It'll Never Fly

The Guardian:

If money amplifies the voices of wealthy Americans in politics, Seattle is trying something that aims to give low-income and middle-class voters a signal boost.

The city’s new ‘Democracy Voucher’ program, the first of its kind in the US, provides every eligible Seattle resident with $100 in taxpayer-funded vouchers to donate to the candidates of their choice. The goal is to incentivize candidates to take heed of a broad range of residents – homeless people, minimum-wage workers, seniors on fixed incomes – as well as the big-dollar donors who often dictate the political conversation.

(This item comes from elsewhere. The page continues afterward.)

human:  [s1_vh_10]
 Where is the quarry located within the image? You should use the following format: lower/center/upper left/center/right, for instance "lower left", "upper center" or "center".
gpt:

This August’s primary is the trial run for the program. But before Seattle can crow about having re-enfranchised long-overlooked voters, it must contend with conservative opposition.

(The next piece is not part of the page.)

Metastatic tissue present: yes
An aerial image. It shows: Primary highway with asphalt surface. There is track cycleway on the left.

It makes too much sense in an era of "Things aren't fair? Nobody gives a fuck about fair, Snowflake".

And it provides some pretty obvious opportunity for abuse and/or manipulation.  But we gotta start somewhere with something.

Especially considering the fight we're in now.


On May 11, 2017, President Donald Trump signed an executive order creating the “Presidential Advisory Commission on Election Integrity.” The Commission is charged with studying “the registration and voting processes used in Federal elections” and identifying “vulnerabilities in voting systems” that could lead to voter fraud. Vice President Mike Pence is the chair, and Kansas Secretary of State Kris Kobach—a known promoter of voting restrictions and the myth of voter fraud—is the vice chair.

The executive order comes on the heels of President Trump’s repeated assertions that millions voted illegally in the 2016 election. For years, claims of fraud have been used to justify unwarranted voting restrictions. There is strong reason to suspect this Commission is not a legitimate attempt to study elections, but rather a tool for enabling voter suppression.